== INPUT RECORDS ==

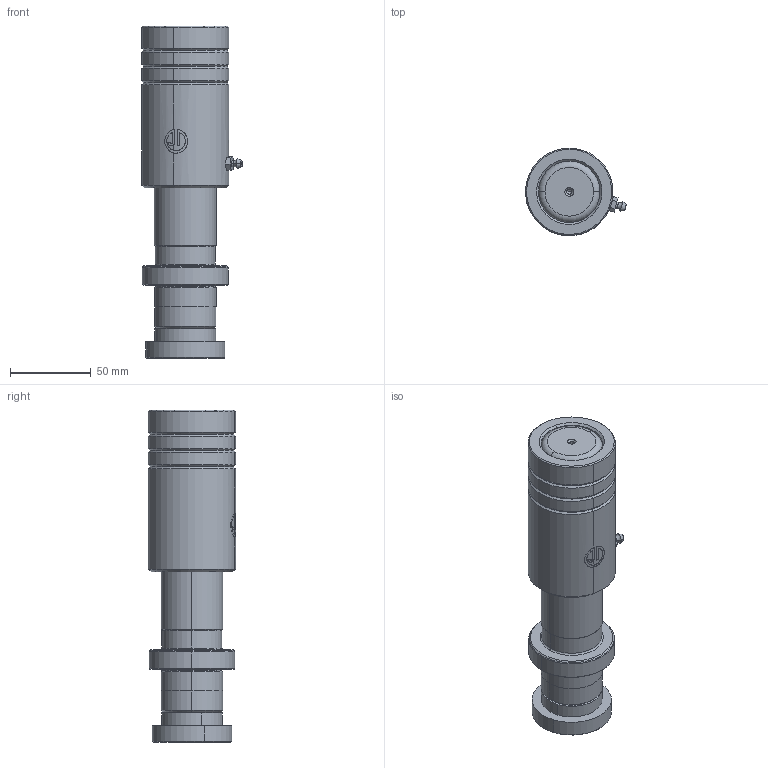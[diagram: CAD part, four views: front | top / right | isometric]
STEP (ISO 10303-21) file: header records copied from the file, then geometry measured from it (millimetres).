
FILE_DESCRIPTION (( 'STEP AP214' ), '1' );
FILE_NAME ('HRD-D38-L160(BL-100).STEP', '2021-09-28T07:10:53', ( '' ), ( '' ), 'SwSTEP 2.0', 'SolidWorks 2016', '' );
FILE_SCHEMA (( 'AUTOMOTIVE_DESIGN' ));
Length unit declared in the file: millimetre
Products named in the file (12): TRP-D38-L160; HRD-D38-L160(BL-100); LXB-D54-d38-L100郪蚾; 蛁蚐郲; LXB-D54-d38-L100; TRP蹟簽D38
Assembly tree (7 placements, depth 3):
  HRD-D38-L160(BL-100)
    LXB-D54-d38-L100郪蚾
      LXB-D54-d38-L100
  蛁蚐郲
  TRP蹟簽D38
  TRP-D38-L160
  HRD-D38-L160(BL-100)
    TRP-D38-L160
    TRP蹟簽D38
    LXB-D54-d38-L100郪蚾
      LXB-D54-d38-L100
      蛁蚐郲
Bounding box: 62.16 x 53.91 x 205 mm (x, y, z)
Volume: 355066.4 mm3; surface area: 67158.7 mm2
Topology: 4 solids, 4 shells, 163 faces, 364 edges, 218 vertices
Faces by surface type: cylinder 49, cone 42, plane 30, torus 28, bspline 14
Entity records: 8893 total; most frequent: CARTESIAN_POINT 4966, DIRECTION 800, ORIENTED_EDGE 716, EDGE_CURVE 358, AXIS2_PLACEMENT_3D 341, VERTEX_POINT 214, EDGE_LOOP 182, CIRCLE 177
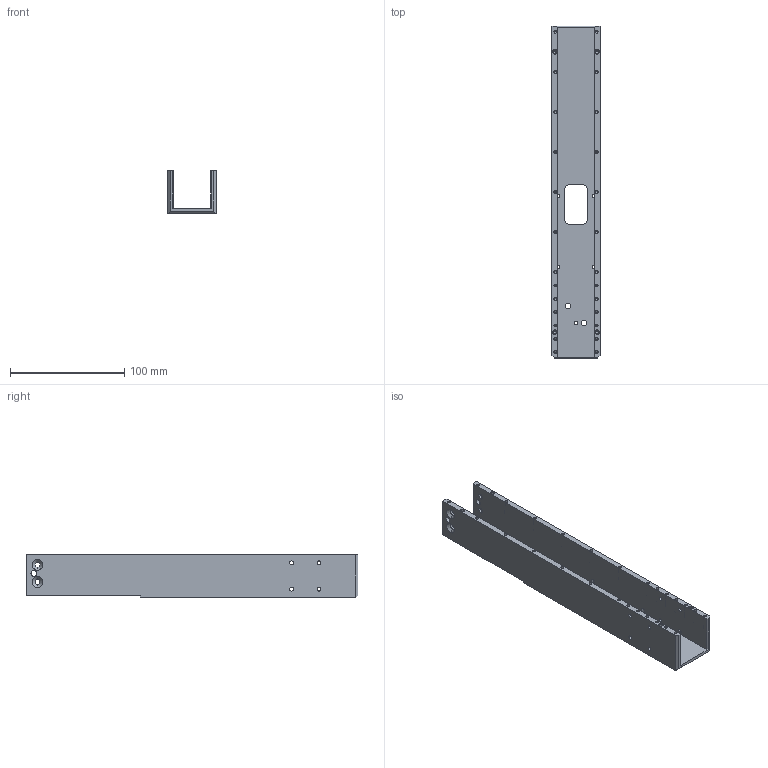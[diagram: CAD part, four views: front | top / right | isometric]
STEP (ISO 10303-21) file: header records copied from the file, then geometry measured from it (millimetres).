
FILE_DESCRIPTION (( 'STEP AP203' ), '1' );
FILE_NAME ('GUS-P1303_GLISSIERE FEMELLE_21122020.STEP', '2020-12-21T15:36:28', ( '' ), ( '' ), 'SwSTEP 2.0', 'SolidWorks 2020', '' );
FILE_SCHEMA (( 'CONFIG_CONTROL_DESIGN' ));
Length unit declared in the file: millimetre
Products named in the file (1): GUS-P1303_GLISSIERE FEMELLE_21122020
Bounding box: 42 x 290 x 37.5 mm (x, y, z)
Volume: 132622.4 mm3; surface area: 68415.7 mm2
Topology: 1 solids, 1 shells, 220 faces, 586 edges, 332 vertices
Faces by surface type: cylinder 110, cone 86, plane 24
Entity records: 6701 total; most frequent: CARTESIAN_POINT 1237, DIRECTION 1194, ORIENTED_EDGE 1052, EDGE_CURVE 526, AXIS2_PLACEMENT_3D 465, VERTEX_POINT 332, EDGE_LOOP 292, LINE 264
==
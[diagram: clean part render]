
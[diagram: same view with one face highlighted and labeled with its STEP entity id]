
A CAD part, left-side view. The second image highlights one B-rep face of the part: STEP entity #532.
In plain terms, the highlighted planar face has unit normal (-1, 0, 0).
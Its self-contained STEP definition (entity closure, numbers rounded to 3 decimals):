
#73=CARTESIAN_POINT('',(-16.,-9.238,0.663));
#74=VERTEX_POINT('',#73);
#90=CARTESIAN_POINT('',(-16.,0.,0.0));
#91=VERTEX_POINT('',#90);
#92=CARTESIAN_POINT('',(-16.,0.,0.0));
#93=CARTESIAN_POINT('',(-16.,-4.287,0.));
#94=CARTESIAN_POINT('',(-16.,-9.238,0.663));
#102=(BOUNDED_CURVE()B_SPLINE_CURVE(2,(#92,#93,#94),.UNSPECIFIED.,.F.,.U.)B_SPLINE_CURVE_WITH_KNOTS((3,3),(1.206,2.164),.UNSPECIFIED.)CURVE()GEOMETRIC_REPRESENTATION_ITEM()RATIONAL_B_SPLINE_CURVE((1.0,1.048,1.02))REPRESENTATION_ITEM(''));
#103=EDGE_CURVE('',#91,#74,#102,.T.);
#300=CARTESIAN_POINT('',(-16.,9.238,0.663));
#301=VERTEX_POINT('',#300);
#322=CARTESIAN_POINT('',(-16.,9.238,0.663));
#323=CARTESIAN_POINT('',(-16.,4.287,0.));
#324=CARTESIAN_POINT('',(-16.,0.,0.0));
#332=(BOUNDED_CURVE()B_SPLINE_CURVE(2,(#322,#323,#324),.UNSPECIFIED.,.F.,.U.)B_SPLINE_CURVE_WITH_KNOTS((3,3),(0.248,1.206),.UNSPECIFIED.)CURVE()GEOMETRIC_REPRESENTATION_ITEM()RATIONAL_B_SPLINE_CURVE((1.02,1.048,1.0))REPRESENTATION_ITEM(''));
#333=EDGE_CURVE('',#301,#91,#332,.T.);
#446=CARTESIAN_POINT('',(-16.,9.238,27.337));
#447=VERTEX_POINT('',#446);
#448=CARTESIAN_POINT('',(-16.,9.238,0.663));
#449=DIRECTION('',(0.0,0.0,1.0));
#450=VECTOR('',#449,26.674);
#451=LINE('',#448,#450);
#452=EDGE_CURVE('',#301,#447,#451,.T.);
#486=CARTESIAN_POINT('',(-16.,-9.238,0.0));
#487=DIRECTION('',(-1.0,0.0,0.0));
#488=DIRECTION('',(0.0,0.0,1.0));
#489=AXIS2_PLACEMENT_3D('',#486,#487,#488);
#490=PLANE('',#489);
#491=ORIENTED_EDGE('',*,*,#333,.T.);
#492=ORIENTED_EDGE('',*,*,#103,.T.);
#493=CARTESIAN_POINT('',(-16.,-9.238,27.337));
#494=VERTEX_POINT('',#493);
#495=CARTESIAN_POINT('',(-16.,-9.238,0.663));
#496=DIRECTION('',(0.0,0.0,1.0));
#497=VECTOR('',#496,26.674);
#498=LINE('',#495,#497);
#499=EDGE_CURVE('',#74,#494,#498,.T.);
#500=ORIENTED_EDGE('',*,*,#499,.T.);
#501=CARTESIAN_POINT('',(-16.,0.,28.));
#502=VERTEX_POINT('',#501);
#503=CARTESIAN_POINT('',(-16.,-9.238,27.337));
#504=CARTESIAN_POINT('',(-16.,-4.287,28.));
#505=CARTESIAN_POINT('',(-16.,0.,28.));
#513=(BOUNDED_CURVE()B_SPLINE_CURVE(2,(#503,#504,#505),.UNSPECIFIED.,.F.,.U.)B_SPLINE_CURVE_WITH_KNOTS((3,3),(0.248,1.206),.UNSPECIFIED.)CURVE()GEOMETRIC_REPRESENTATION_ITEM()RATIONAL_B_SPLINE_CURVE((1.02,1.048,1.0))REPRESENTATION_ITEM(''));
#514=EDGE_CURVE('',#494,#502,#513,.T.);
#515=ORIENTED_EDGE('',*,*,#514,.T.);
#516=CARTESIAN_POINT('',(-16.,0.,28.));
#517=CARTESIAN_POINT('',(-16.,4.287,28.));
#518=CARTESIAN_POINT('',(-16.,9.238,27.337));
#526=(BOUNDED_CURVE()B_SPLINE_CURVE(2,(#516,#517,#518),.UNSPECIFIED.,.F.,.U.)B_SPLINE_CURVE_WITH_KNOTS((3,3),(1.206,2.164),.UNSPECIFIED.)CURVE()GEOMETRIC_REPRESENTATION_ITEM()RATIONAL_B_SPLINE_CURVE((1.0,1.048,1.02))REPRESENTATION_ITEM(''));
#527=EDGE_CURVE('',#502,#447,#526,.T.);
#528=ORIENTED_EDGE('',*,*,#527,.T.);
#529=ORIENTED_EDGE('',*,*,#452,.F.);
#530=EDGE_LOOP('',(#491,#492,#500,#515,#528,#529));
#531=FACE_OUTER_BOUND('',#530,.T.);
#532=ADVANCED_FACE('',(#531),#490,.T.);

== PROBLEM TO SOLVE ==
Reproduce verbatim the lines above, from the line with "FILE_SCHEMA (( 'CONFIG_CONTROL_DESIGN' ));" through the line with "Entity records: 6701".

== TASK OUTPUT ==
FILE_SCHEMA (( 'CONFIG_CONTROL_DESIGN' ));
Length unit declared in the file: millimetre
Products named in the file (1): GUS-P1303_GLISSIERE FEMELLE_21122020
Bounding box: 42 x 290 x 37.5 mm (x, y, z)
Volume: 132622.4 mm3; surface area: 68415.7 mm2
Topology: 1 solids, 1 shells, 220 faces, 586 edges, 332 vertices
Faces by surface type: cylinder 110, cone 86, plane 24
Entity records: 6701 total; most frequent: CARTESIAN_POINT 1237, DIRECTION 1194, ORIENTED_EDGE 1052, EDGE_CURVE 526, AXIS2_PLACEMENT_3D 465, VERTEX_POINT 332, EDGE_LOOP 292, LINE 264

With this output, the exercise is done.